Wildlife board keeps talks inside the boardroom

Public shut out of polar bear quota discussions

By NUNATSIAQ NEWS

JOHN THOMPSON

When the Nunavut Wildlife Management Board met in Iqaluit last week the most controversial subject on the agenda was discussed behind closed doors: changes in community polar bear quotas.

The members discussed, in camera, whether to give additional polar bear tags to communities in 2006.

The Nunavut land claims agreement says the board’s recommendations must be kept secret until government ministers are given a chance to accept or reject the board”s findings.

But in the past, the wildlife board held such discussions in public, even if the decisions made by the board were done in private.

Earlier in last week’s meeting, board members debated the merits of awarding extra narwhal kills to a community, and made that decision in public. (See story on page 6.)

Joe Tigullaraq, the chair of the wildlife board, later said that this open discussion was a mistake.

“That was an oversight on my part as the chair,” he said. “The decisions on the narwhals really should have been done in camera.

“In the past, because we were making decisions out in the public, some of the decisions made by the board were being published, putting the minister in an awkward position, because he or she was about to make a decision.”

But Glenn Williams, a wildlife specialist with Nunavut Tunngavik Inc., said holding such discussions in camera is against the spirit of a public body like the wildlife board.

“It should be functioning in an open and public way,” he said in an interview.

The wildlife board gets money each year from the federal government to be spent on public hearings. That amount is now over $2.5 million.

But the board has never held a fully public hearing.

Instead, the board spent its money on consultations with hamlets, regional hunting organizations, and HTOs, in connection with Nunavut’s new Wildlife Act in December 2003, and to develop draft regulations afterward.

“Those consultations are not cheap,” Tigullaraq said.

Tigullaraq said the polar bear issue was “hotly debated” at the recent meeting but not resolved, because more information is required for the board to make a decision. Board members should make a decision over the next week by teleconference, he said.

The issue relates to how and when communities may re-use leftover polar bear tags at the end of a year.

A new “flexible credit system” lets communities save unused hunting tags as credits, to be cashed in later to increase their total allowable harvest. Communities also receive credits for defence and accidental kills. And communities who share the same polar bear population may swap credits.

Female bears get more value than males in the system, because they produce offspring.

“It’d be like if you’re paid a wage this week, and come next week you decide to spend it all,” said Mitch Taylor, the GN’s director of wildlife, in an interview following the wildlife board meeting.

This is the first season with the new system in effect, and 12 communities want to cash in their credits to boost their total allowable harvest in mid-season.

In many cases, the credits are meant to replace the tags lost from bears that were shot in self-defence.

But some communities want to cash in surplus credits to boost their total allowable harvest.

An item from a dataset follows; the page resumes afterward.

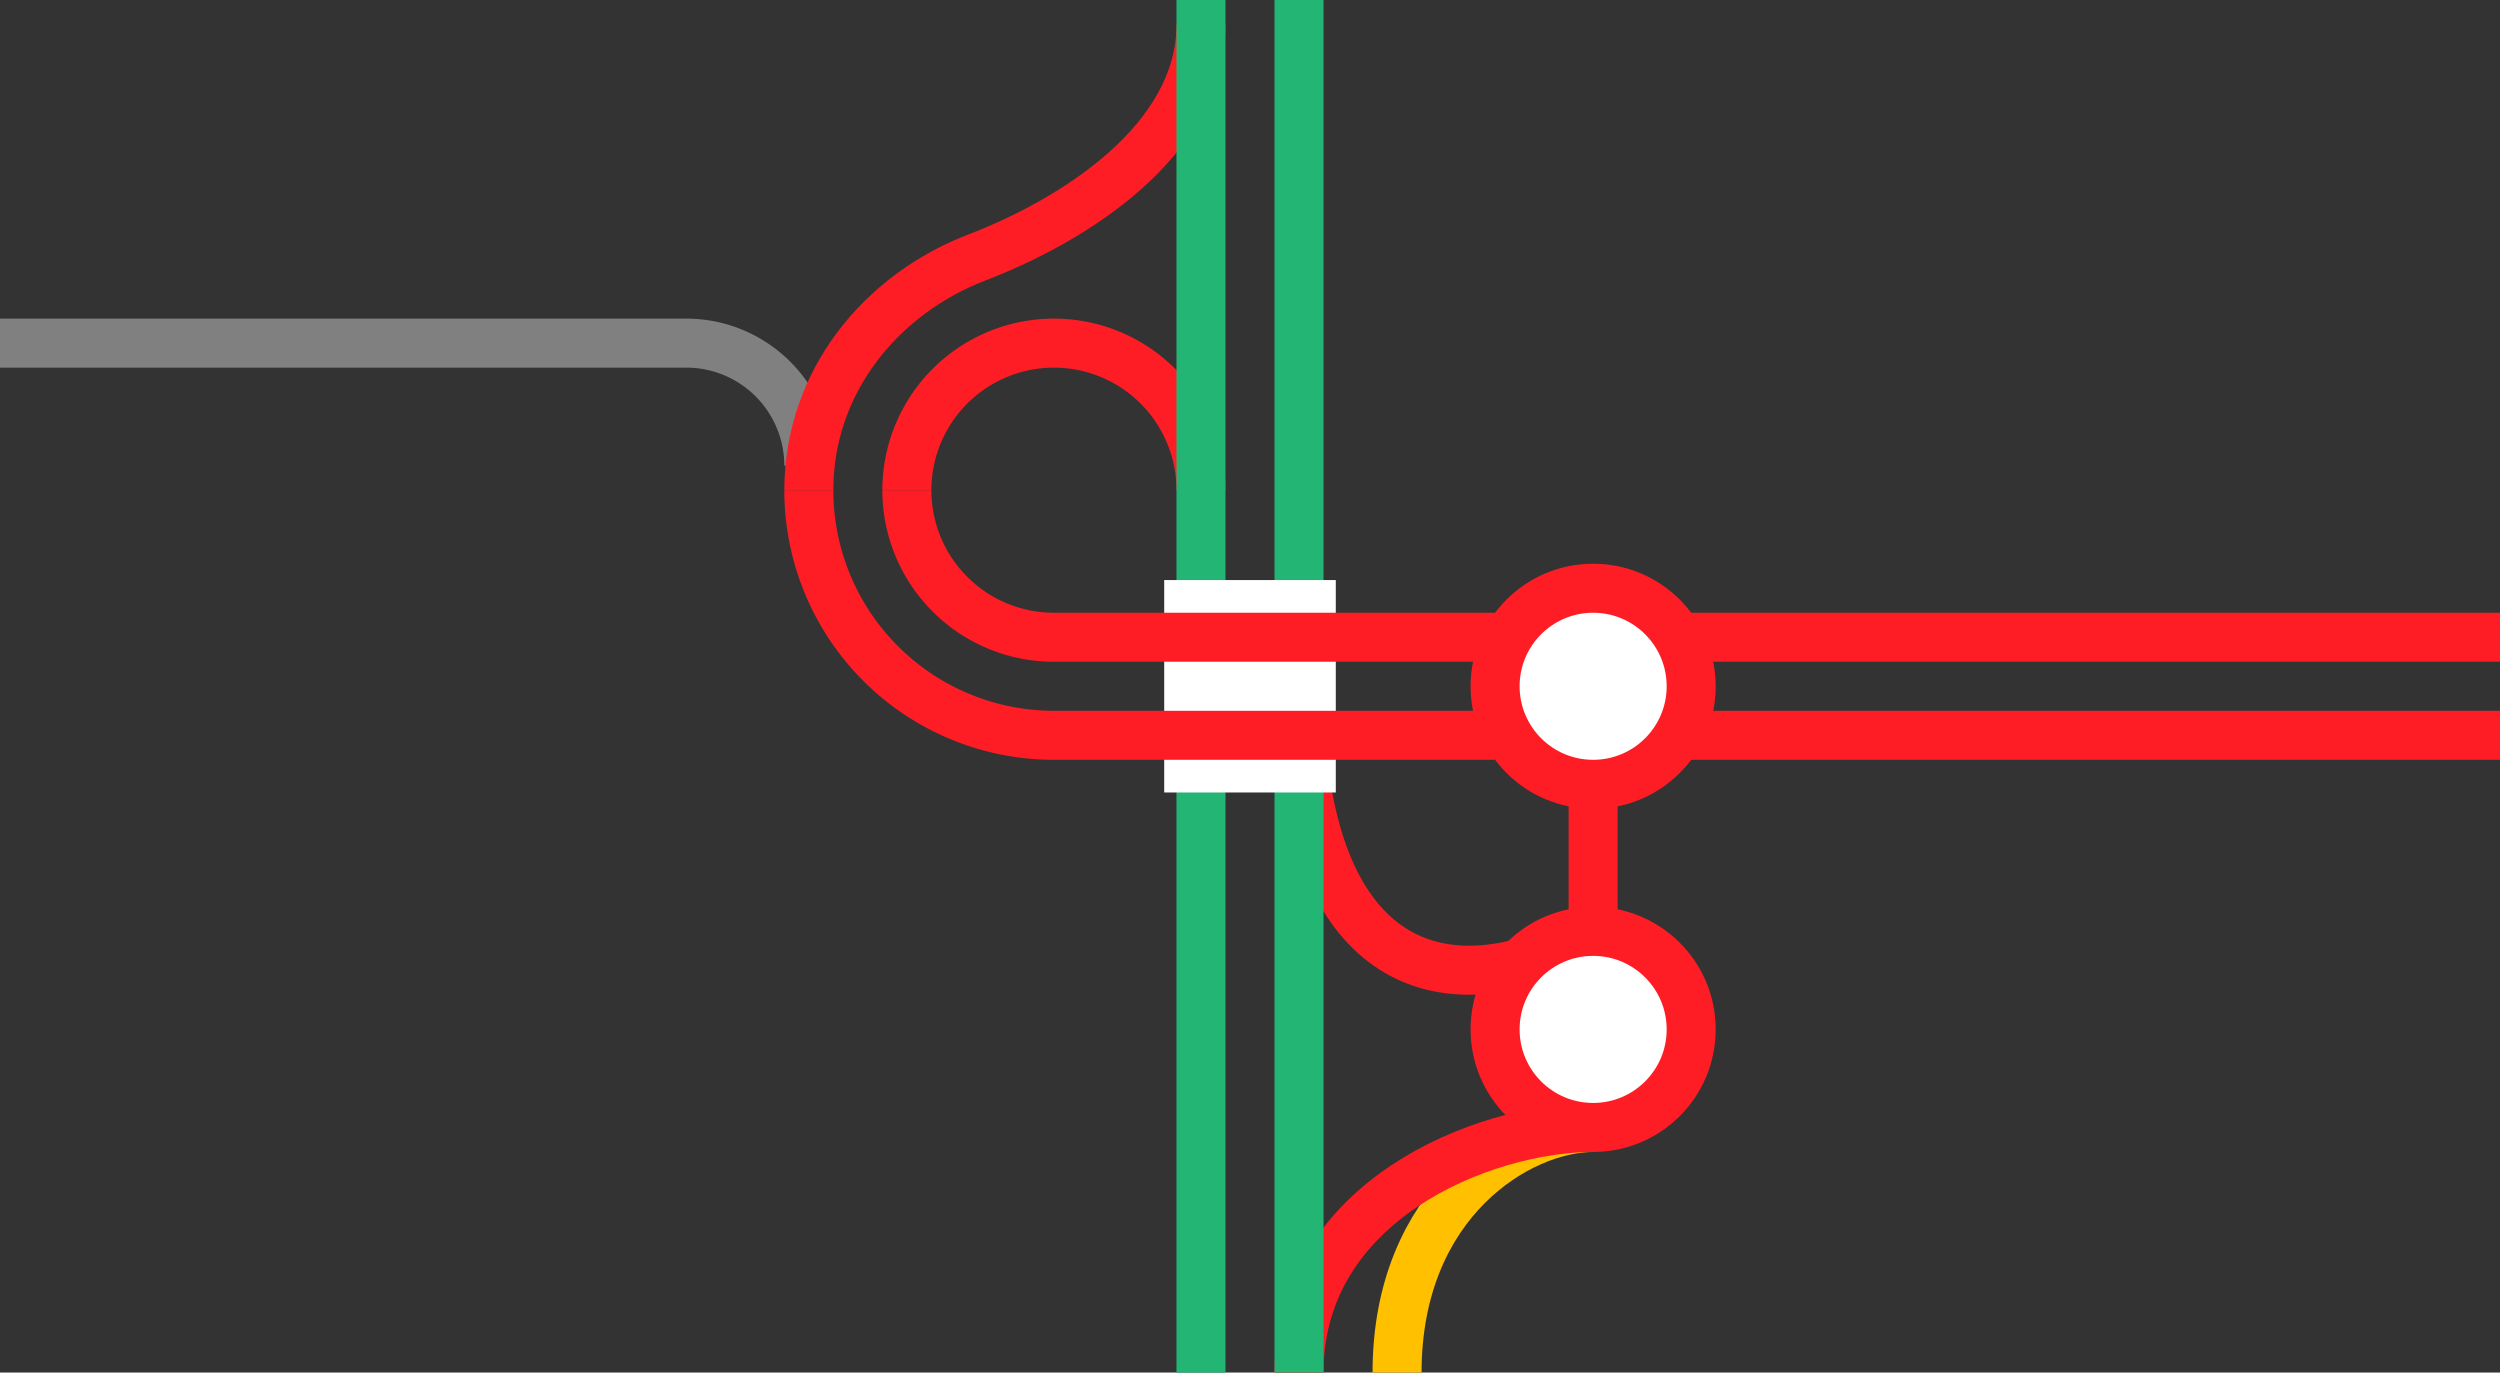 <svg viewBox="0 0 153 84" xmlns="http://www.w3.org/2000/svg"><rect x="0" y="0" width="153" height="84" fill="#333333" stroke="none"/><g fill="none"><path d="m49.5 28.5a7.5 7.5 0 0 0 -7.5-7.5h-42" stroke="#808080" stroke-miterlimit="10" stroke-width="3"/><path d="m49.5 30c0-6.64 4.43-12 10.3-14.25s13.7-7.13 13.7-14.25" stroke="#ff1d25" stroke-miterlimit="10" stroke-width="3"/><path d="m73.5 30a9 9 0 0 0 -18 0" stroke="#ff1d25" stroke-miterlimit="10" stroke-width="3"/><path d="m85.5 84c0-10.5 7.5-15 12-15" stroke="#ffc000" stroke-miterlimit="10" stroke-width="3"/><path d="m79.5 84c0-10.5 11.28-15 18-15" stroke="#ff1d25" stroke-miterlimit="10" stroke-width="3"/><path d="m79.5 42c0 15 6.67 19.5 15 16.5" stroke="#ff1d25" stroke-miterlimit="10" stroke-width="3"/><path d="m79.5 0v84" stroke="#22b573" stroke-miterlimit="10" stroke-width="3"/><path d="m73.5 0v84" stroke="#22b573" stroke-miterlimit="10" stroke-width="3"/><path d="m150 40.52h3v3h-3z"/><path d="m0 40.49h3v3h-3z"/><path d="m97.5 48v9" stroke="#ff1d25" stroke-miterlimit="10" stroke-width="3"/><path d="m81.75 42h-10.5" stroke="#fff" stroke-miterlimit="10" stroke-width="13"/><path d="m153 45h-88.5a15 15 0 0 1 -15-15" stroke="#ff1d25" stroke-miterlimit="10" stroke-width="3"/><path d="m55.5 30a9 9 0 0 0 9 9h88.5" stroke="#ff1d25" stroke-miterlimit="10" stroke-width="3"/></g><circle cx="97.5" cy="42" fill="#fff" r="6" stroke="#ff1d25" stroke-miterlimit="10" stroke-width="3"/><circle cx="97.5" cy="63" fill="#fff" r="6" stroke="#ff1d25" stroke-miterlimit="10" stroke-width="3"/></svg>

For example, Kugluktuk’s HTO asked to cash in six credits, doubling their total allowable harvest from six to 12 bears. Similarly, Igloolik’s HTO wants to boost their harvest from four to eight bears, and Cambridge Bay from three to four.

The wildlife board’s director of wildlife management, Joe Justus, argued against granting these requests in his written submission to the board.

The board did accept the request of one community – the one they forgot. Cape Dorset was left off the agenda by mistake.

To make amends for this, the board approved the community’s request to cash in a credit for a hunting tag, to make up for a defence kill earlier this season.

Recommendations made by the wildlife board are sent to Nunavut’s environment minister, who has 30 days to accept or reject the board’s decision. The recommendations are also sent to the appropriate federal ministers, who have 60 days to accept or reject a decision.